A diferença nas projeções para os reajustes do ano que vem — de 6,58% a 10,41% — ocorre porque o Congresso aprovou, em 2022, uma lei complementar direcionando aos consumidores um crédito de R$ 60 bilhões, em função de cobrança que foi considerada indevida de ICMS na base de cálculo de PIS/Cofins, na chamada “tese do século”.
A Associação Brasileira das Distribuidoras de Energia (Abradee) alega que esses recursos são das distribuidoras porque foram elas que pagaram os tributos e entraram com a ação, em 2002. Cerca de R$ 40 bilhões já foram utilizados por várias distribuidoras, o que ajudou na queda média de 8,3% nas contas de luz em 2023. Outros R$ 20 bilhões ainda podem ser direcionados aos consumidores nos próximos anos. A decisão, contudo, está pendente no Supremo Tribunal Federal (STF).
— A tese do século envolveu vários setores da economia, e apenas o setor elétrico teve tratamento diferente, com os recursos sendo direcionados aos consumidores de forma oportunística pelo Congresso, em 2022. A lei que foi aprovada retroagiu a 2019, e é isso que estamos questionando no STF — afirmou Wagner Ferreira, diretor Jurídico e Institucional da Abradee.
‘Bagunça tarifária’
Na consultoria PSR, as estimativas são de aumento das tarifas acima da inflação entre 3% a 4% no ano que vem. O problema, diz Luiz Augusto Barroso, diretor-presidente da consultoria, é que as contas já estão altas, e os jabutis aprovados pelo Congresso na última semana pioram o ambiente tarifário para os próximos anos.
— A tarifa já está alta e cheia de custos indevidos.

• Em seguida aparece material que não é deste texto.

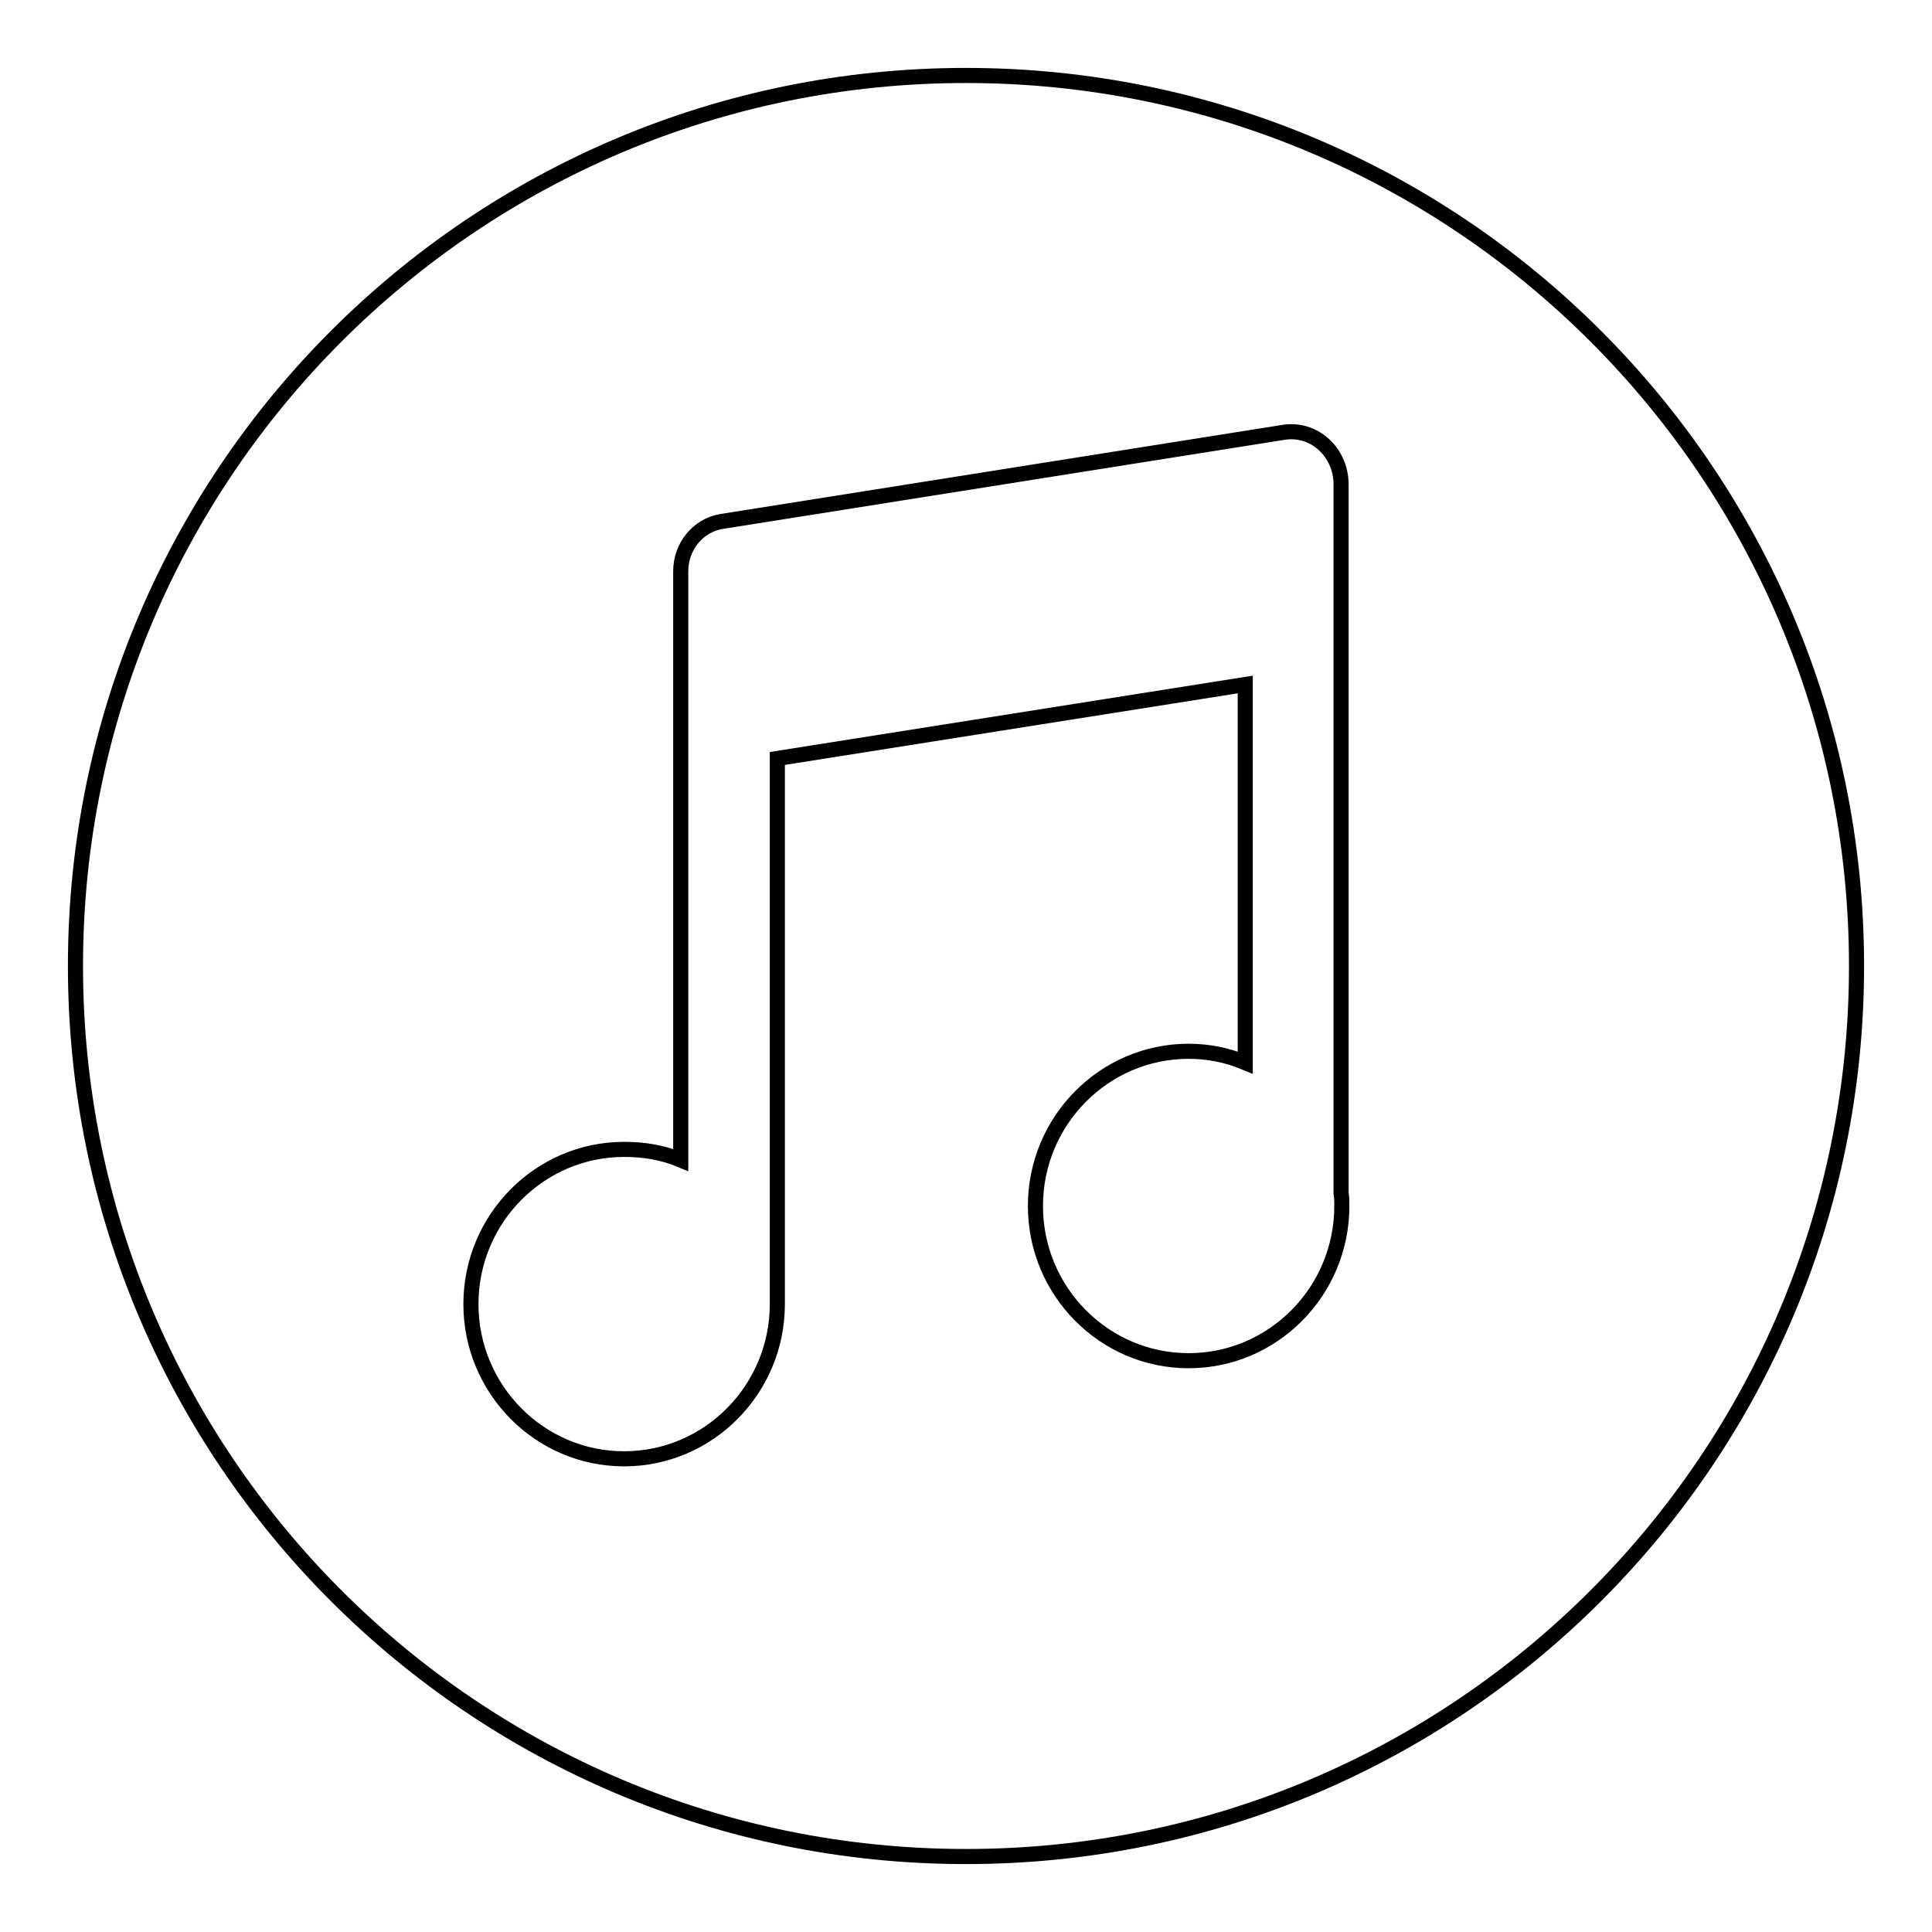 <?xml version="1.0" encoding="utf-8"?>
<!-- Svg Vector Icons : http://www.onlinewebfonts.com/icon -->
<!DOCTYPE svg PUBLIC "-//W3C//DTD SVG 1.1//EN" "http://www.w3.org/Graphics/SVG/1.1/DTD/svg11.dtd">
<svg version="1.1" xmlns="http://www.w3.org/2000/svg" xmlns:xlink="http://www.w3.org/1999/xlink" x="0px" y="0px" viewBox="0 0 256 256" enable-background="new 0 0 256 256" xml:space="preserve">
<g> <path stroke-width="2" fill-opacity="0" stroke="#000000"  d="M128,246c-65.2,0-118-52.8-118-118C10,62.8,62.8,10,128,10c65.2,0,118,52.8,118,118 C246,193.2,193.2,246,128,246z M177.7,88.7V64.2c0-4.3-3.6-7.6-7.7-6.9L95.6,69.1c-3.1,0.5-5.4,3.3-5.4,6.6v78 c-2.4-1-4.9-1.4-7.5-1.4c-11.2,0-20.3,9.2-20.3,20.5c0,11.3,9.1,20.5,20.3,20.5c11.2,0,20.3-9.2,20.3-20.5c0-0.4,0-0.7,0-1.1h0 v-71.2l62-9.8v50.1c-2.4-1-4.9-1.5-7.5-1.5c-11.2,0-20.3,9.2-20.3,20.5c0,11.3,9.1,20.5,20.3,20.5c11.2,0,20.3-9.2,20.3-20.5 c0-0.6,0-1.1-0.1-1.7L177.7,88.7L177.7,88.7L177.7,88.7z"/></g>
</svg>

Manobras e jabutis aprovados pelo Congresso não só pioram o ambiente de investimentos, porque tiram a previsibilidade institucional, como o planejamento foi transferido para o Congresso. E acaba sendo feito de forma pouco criteriosa. Traz uma bagunça tarifária com mais sinais de aumentos mais para frente — diz.
Barata destaca que a migração acelerada de consumidores para o “mercado livre” (no qual se escolhe de quem comprar a energia), na prática, vem diminuindo o número de pessoas aptas a custear os encargos do sistema:
— É como um condomínio. Com a migração para o mercado livre pelas grandes empresas, a autoprodução de energia e a geração distribuída, o chamado “mercado cativo”, o das distribuidoras (atendendo determinada região), vem diminuindo. Isso faz com que o reajuste médio seja mais alto.
Ele estima que o setor elétrico tem custos anuais em torno de R$ 343 bilhões por ano. Desse total, R$ 210 bilhões são de fato custo energético, enquanto R$ 58 bilhões são tributos, e R$ 55 bilhões, encargos. Já as perdas técnicas custam R$ 12 bilhões e os furtos de energia, R$ 7 bilhões.